Lake Placid, 1999
1999’s Lake Placid was an unusual movie from its beginnings. It’s a star-studded black comedy about a giant crocodile terrorizing a small lake community in Maine featuring a
flamboyant, wealthy professor with a passion for crocodiles in Hector Cyr (Oliver Platt), a common-sense, polite and gentlemanly local sheriff named Hank Keough (Brendan Gleeson), Jack Wells (Bill Pullman) a rough-and-tumble member of the Maine Fish and Wildlife Service, and Kelly Scott (Bridget Fonda), a professor of paleontology with a New York City-based natural history museum.
With all of this and a small role with Betty White playing a local lake resident, it is directed by Steve Miner, whose directorial career to that point had been limited to television work and a small number of romantic comedies like My Father the Hero.

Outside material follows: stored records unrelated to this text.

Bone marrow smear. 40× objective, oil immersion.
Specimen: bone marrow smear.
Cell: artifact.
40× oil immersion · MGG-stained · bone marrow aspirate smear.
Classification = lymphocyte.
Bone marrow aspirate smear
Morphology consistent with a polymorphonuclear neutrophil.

The group investigates the mysterious deaths that have been associated with the lakes
and eventually learn that a giant crocodile is to blame, but the really great element of this movie is the work done by Platt and Gleeson in playing off of each other in comedic roles. Gleeson’s American accent is spot-on, as is his portrayal of a polite and kindly local sheriff who is constantly heckled by the very charming, well-educated, and intensely funny Platt whose over-the-top performance really steals the show.

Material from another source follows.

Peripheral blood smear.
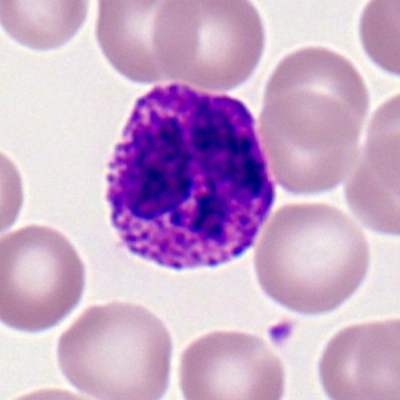
The cell shown is a basophil.

Bill Pullman’s character is weak and derivative; he adds little to the picture. Bridget Fonda might as well be a study in cliches. Between her poorly-written lines and her mediocre performance had she not been involved with the project, she would not have been missed.
All told, if you take a viewing of Lake Placid with the same cheeky, black comedic attitude with which it was made, you will be rewarded with a very enjoyable experience.